As a call for action in our collective positioning towards a real transformative gender intersectional agenda for women’s land rights movements and supporters, we agreed on the need to urgently implement and advocate for the following:

  • Empower young women on political decolonial feminism.
  • Ensure that grassroots women, who are in the forefront of the fight for land and environmental rights, are listened to for what they need most from other sectors to help in the defense of their territory.
  • Strengthen movements as an important bridge for grassroots organizations to position themselves and learn from a variety of experiences worldwide.
  • Consider oppressive geopolitical and economic structures that exploit peoples and territories in the global south, especially women, in all analysis and advocacy.
  • Exchange strategies that as women we have built in the defense of our territory at local and regional levels.
  • Plan new strategies for advocacy across borders so that we can widen and strengthen our voices.
  • Work globally to position transformative practices and attitudes that create a collective agenda.
  • Educate men to learn and perceive their privileges, understanding that the bodies of women belong to women only and men must respect that and value it.
  • Work collectively in platforms creating solidarity, and support other women who are unable to express their voices due to oppressive systems.
  • Build information and knowledge from the ground to serve as evidence for advocacy, as international institutions need access to this.
  • Insist that donors be well informed by grassroots women and their organizations, understanding and respecting their work and needs based on their specific realities. Donor support must respond to the needs of these women, strengthen their local work in their different contexts, and enable them to directly advocate for and claim their rights at the international level.  
  • Conduct research on previously identified roots causes and understand how they are structural.
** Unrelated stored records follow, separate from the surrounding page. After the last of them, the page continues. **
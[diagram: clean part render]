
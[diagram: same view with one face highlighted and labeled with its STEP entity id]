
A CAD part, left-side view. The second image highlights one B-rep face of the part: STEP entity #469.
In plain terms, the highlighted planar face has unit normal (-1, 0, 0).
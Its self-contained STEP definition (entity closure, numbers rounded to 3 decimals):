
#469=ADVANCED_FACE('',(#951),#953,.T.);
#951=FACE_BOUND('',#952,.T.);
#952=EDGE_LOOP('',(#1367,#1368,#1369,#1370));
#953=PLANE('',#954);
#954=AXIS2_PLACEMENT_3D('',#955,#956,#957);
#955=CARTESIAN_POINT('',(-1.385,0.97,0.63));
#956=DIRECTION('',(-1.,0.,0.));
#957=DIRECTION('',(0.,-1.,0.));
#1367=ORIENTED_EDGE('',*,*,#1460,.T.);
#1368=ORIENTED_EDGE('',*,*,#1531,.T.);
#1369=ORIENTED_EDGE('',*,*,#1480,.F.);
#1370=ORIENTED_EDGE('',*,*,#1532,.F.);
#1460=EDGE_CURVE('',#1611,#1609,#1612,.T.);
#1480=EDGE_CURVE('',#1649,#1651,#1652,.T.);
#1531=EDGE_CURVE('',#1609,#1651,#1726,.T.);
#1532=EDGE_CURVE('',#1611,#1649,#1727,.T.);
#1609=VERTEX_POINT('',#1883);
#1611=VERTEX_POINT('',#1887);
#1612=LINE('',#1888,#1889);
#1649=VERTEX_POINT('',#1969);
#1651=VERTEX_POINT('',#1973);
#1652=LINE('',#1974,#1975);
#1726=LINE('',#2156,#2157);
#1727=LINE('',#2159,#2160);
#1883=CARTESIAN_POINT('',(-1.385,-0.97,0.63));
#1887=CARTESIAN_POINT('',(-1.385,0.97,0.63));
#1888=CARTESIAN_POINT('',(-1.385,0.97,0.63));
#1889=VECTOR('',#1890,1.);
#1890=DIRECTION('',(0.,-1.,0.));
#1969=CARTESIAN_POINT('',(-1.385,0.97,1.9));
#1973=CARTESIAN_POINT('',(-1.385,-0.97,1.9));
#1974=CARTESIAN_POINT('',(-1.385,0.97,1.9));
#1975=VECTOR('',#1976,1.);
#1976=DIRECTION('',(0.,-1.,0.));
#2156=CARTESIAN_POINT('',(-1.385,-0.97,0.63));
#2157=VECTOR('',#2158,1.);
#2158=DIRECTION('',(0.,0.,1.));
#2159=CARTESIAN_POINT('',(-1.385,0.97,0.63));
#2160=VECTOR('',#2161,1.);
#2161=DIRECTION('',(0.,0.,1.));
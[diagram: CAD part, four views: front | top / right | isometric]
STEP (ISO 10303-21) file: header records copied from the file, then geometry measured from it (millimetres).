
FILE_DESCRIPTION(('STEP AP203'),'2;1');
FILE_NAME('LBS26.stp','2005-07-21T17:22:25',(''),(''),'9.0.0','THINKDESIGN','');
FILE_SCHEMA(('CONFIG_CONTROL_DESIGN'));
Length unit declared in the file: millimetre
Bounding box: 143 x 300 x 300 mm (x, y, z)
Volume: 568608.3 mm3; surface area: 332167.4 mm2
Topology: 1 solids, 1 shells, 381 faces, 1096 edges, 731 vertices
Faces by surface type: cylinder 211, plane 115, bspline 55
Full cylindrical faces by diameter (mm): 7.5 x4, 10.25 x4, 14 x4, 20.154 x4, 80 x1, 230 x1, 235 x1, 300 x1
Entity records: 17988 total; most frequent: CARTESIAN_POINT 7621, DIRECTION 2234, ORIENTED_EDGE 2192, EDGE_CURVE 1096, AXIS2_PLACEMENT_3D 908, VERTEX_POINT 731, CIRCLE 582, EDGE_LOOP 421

Considering pressing global challenges that threaten democracies, the environment, marginalized groups, global peace and life itself, and bringing to the center of all discussions our positioning and the urgent actions indicated above to bring about transformation, we demand  inclusion, participation, the end of all types of violence, and support for our movements at the community level so that we are able to conduct our trainings, exchange experiences among our movements, and continue to learn from each other.

      Finally, we call on everyone present at the CSW67 to join forces in the struggle for gender justice and women’s rights to land and territories as well as to unite, amplify voices and analysis from women’s struggles for diverse constituencies, building alliances to bring change to address oppressive practices and social norms for a just and equal society for all.